Los metafóricos cantos de sirena de los que se guardaba Ulises atándose al mástil del barco se repiten una y otra vez. Mezclar política e idiotas es muy peligroso. El ciudadano idiota es presa fácil de esa música, se deja mecer como si la madre le acunara y se cree lo que sea con tal de poder apuntalar una realidad que no es tal, prefiere creer en promesas sin fundamento que en la dura realidad gris que le martiriza. Por eso cuando la sociedad les pone en el mismo lugar que al resto se crea una dinámica perversa en la que los no idiotas (o menos idiotas) son incapaces de hacerles ver que las sirenas sólo quieren que se estrellen en las rocas para poder devorarlos.

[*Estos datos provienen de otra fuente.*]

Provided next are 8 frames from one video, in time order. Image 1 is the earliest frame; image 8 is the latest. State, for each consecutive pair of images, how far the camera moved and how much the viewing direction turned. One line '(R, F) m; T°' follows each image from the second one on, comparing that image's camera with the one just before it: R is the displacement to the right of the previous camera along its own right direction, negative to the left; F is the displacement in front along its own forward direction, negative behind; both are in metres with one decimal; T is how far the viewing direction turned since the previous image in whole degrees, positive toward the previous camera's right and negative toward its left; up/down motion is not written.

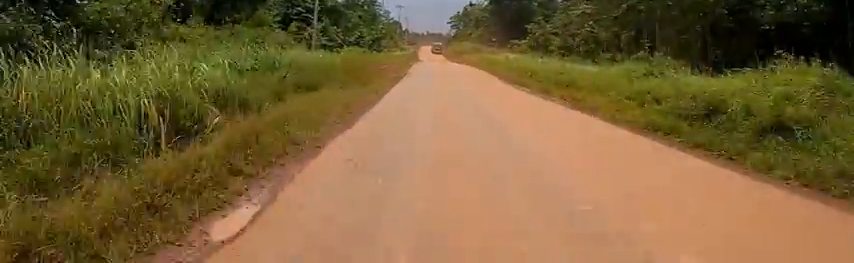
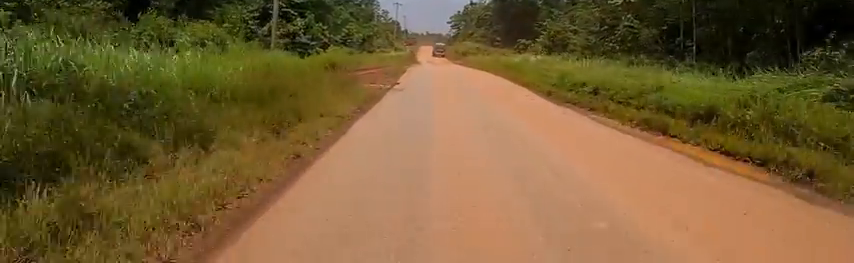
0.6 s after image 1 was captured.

Se cierran en banda y no atienden a razones, por muy tranquilas, sesudas y reales que sean. Sólo quedan dos opciones: la vía larga, educarles poco a poco para que abandonen esa guardería mental, apuntalar sistemas educativos públicos, privados o concertados que eleven el nivel por arriba en lugar de hacerlo al nivel de los tobillos. O la vía corta, mucho más laboriosa pero más eficaz: crear un discurso esperanzador que abarque a la mayoría y la saque de esa realidad gris.

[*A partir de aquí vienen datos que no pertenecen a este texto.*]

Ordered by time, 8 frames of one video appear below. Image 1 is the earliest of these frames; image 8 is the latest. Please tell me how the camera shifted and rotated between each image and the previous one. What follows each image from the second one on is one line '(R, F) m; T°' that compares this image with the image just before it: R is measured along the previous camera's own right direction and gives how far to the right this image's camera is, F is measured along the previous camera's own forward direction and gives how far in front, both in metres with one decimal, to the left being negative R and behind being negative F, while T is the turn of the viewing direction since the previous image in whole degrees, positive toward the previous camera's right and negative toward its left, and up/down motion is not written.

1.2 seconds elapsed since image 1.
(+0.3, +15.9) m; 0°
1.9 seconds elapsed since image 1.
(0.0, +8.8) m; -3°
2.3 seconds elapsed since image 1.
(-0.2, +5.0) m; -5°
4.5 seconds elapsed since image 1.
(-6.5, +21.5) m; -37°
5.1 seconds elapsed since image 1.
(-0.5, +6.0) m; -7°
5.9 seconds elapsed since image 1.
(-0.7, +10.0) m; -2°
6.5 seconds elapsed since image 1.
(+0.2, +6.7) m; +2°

Esa vía corta es un cortafuegos, consistente en tomarse muy en serio la combinación de idiota y política. Es decir, plantear una serie de líneas rojas a partir de las cuales cualquier opción idiota fuera neutralizada: “Eso no es tolerable y por lo tanto usted y eso que ha dicho quedan fuera del juego convenido. Y si no le gusta lo modifica”. Eso significa primero arrinconar políticamente el nacionalismo, el populismo y cualquier otro ismo consistente en reducir al absurdo la realidad. Y segundo, crear nuevos argumentos sencillos, asequibles y contundentes que puedan ser asumidos como propios por esa parte de la sociedad que por mala educación o naturaleza perezosa, pero que por su discurso no pongan en peligro la convivencia, los derechos civiles o los avances sociales logrados con dos siglos de esfuerzo. Un discurso positivo que arrastre a la mayor cantidad de gente posible para que el trabajo colectivo redunde en algo mejor para el común de la sociedad. Crear en lugar de destruir, unir en lugar de separar, soñar en lugar de patalear y llorar.

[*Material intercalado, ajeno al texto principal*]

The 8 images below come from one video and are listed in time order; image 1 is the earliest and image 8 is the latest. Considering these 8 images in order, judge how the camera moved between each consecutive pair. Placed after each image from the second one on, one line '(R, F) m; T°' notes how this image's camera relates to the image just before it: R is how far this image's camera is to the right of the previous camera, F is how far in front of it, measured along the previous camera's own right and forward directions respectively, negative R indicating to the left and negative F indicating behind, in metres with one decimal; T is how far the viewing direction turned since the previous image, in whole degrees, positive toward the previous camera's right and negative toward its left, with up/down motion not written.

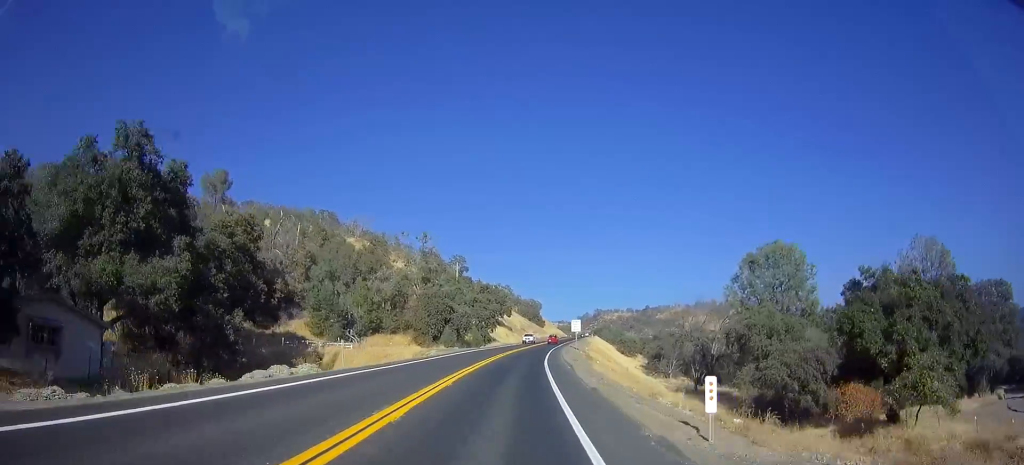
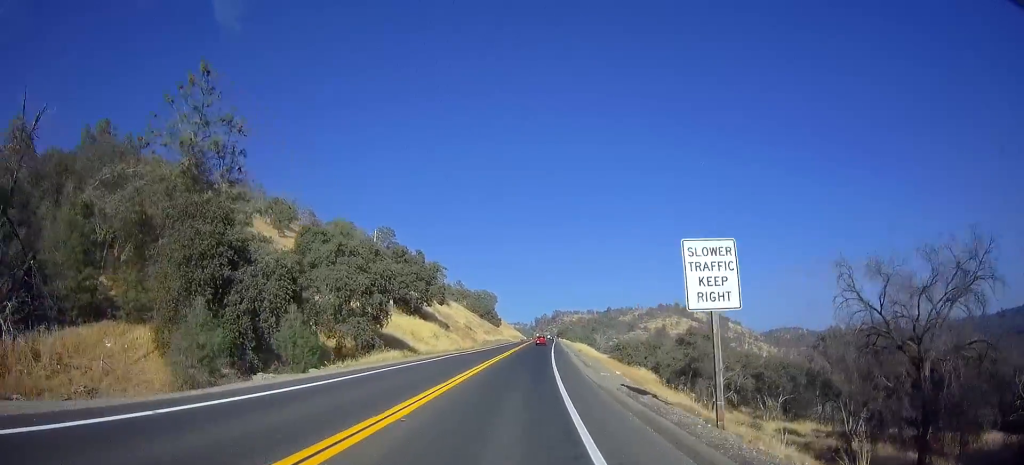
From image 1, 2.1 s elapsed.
(+4.1, +58.8) m; +10°
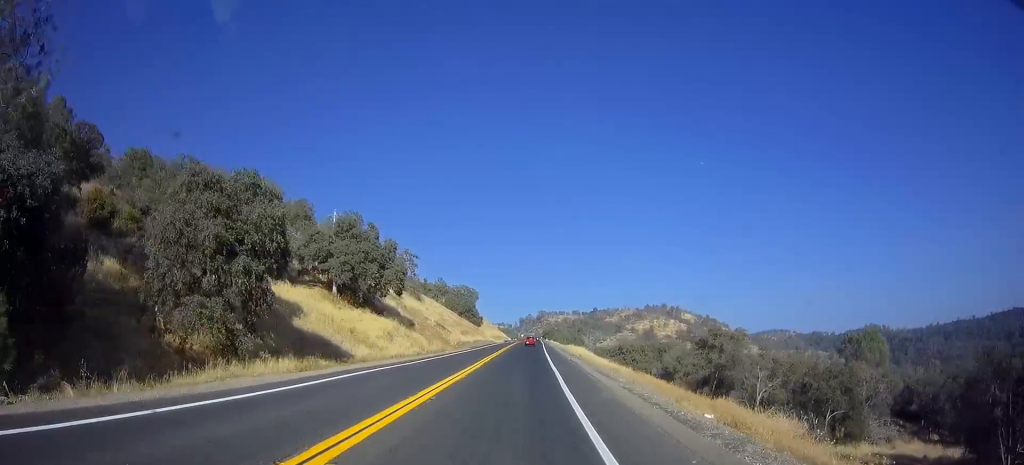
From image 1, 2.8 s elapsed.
(+0.7, +18.9) m; +2°
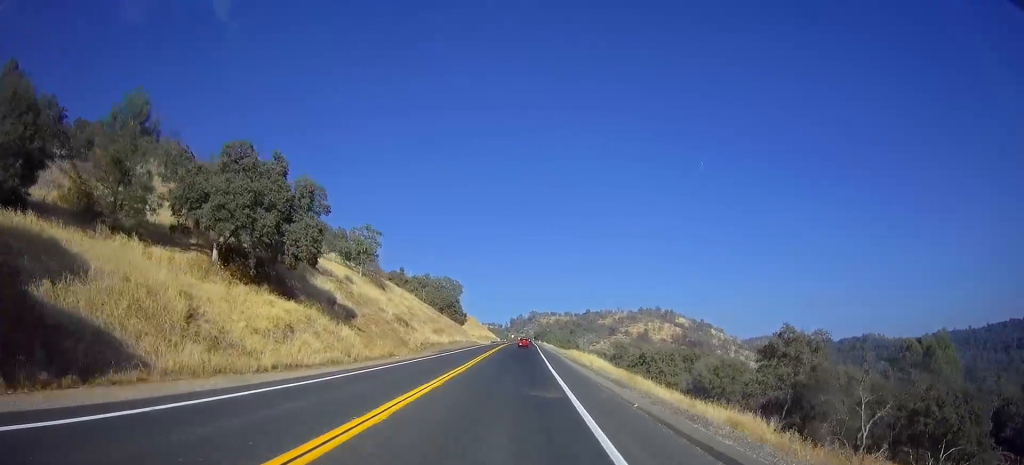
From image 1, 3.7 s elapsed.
(+0.4, +23.9) m; -1°
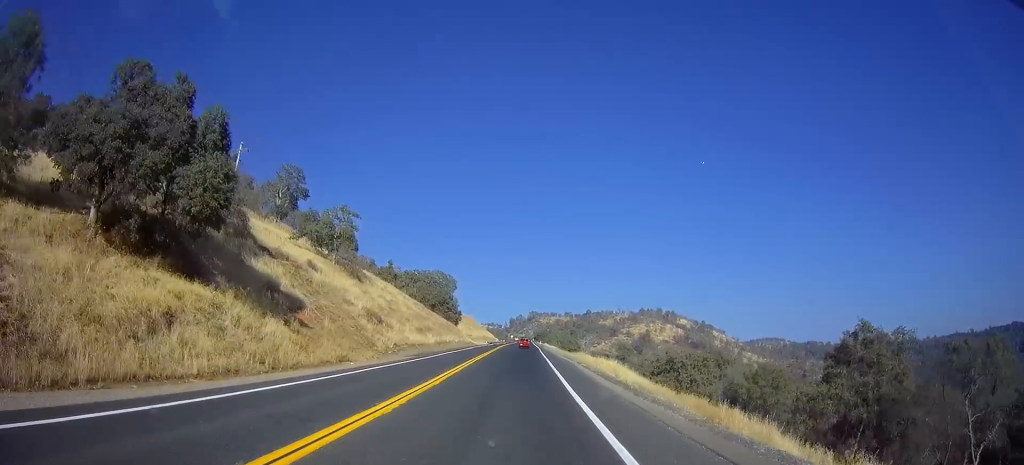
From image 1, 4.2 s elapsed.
(-0.5, +13.1) m; -1°
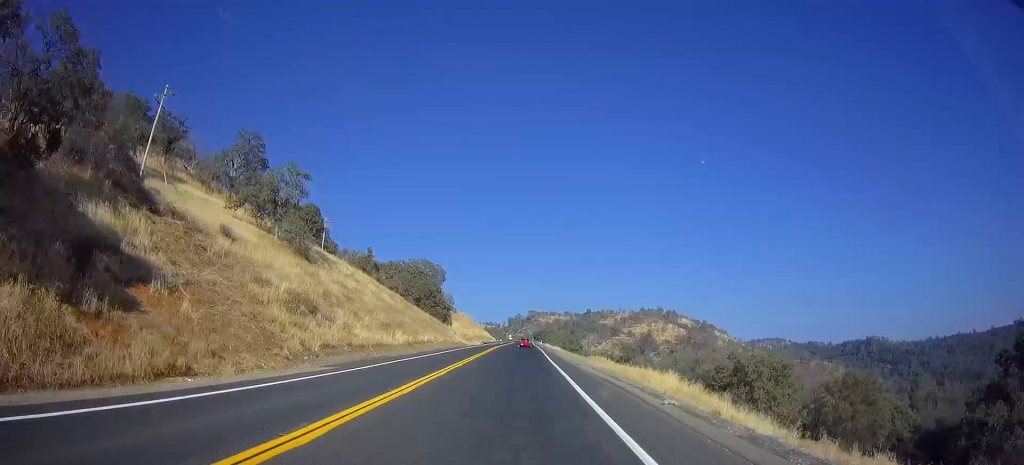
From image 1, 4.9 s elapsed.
(-0.3, +18.4) m; -1°
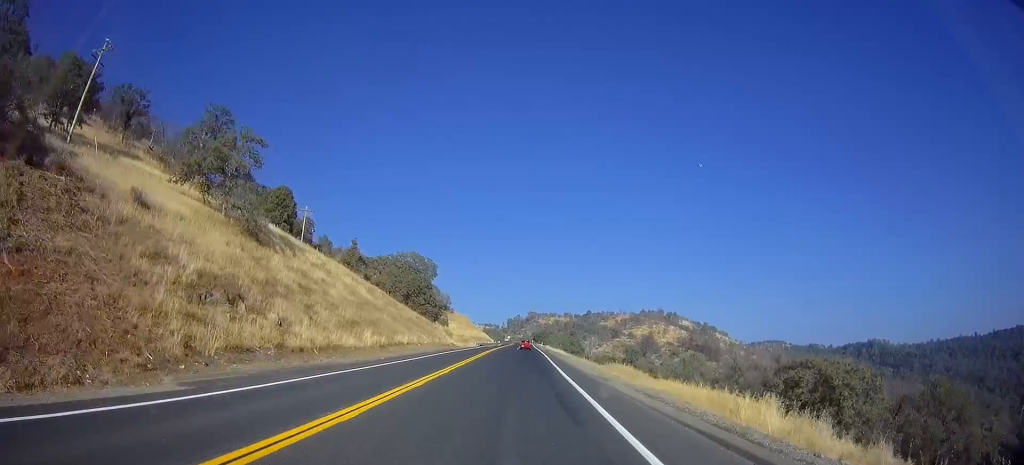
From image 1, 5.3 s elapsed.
(0.0, +11.4) m; 0°
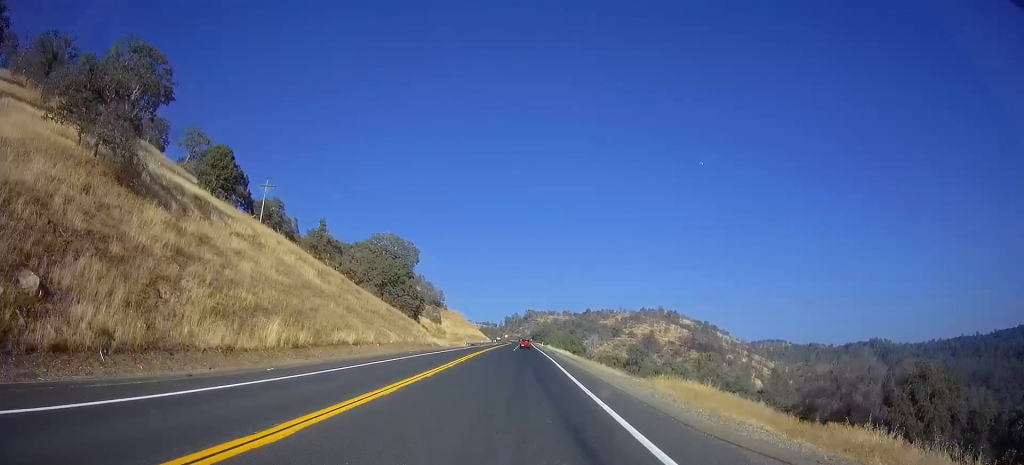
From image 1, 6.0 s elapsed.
(+0.1, +17.5) m; +1°

El abuelo podía tener la intuición sabia del superviviente que tuvo que remar contra todas las crisis imaginables y sobrevivir a todas hasta ver la democracia en España, pero no tenía la receta para evitar que aquel vecino le hiciera daño con su falta de miras. El idiota no es malo, es que no sabe lo que hace. Y sí que hay diferencias con el resto: en algún lugar hay que dejar de relativizar y darse cuenta de que todo tiene un limite y que muchos no somos idiotas, que pensamos al menos fuera de la guardería. No es elitismo, es la necesidad de salvar una forma de vida basada en las ideas, el trabajo y la amplitud de miras, no en las soluciones fáciles que no existen: las respuestas simples para problemas complejos sólo crean problemas aún más complejos. Por cierto, si por alguna razón el lector ha llegado hasta aquí y se ha sentido identificado con ese idiota, tiene todo el derecho del mundo a enfurecerse, pero su reacción no borrará la realidad.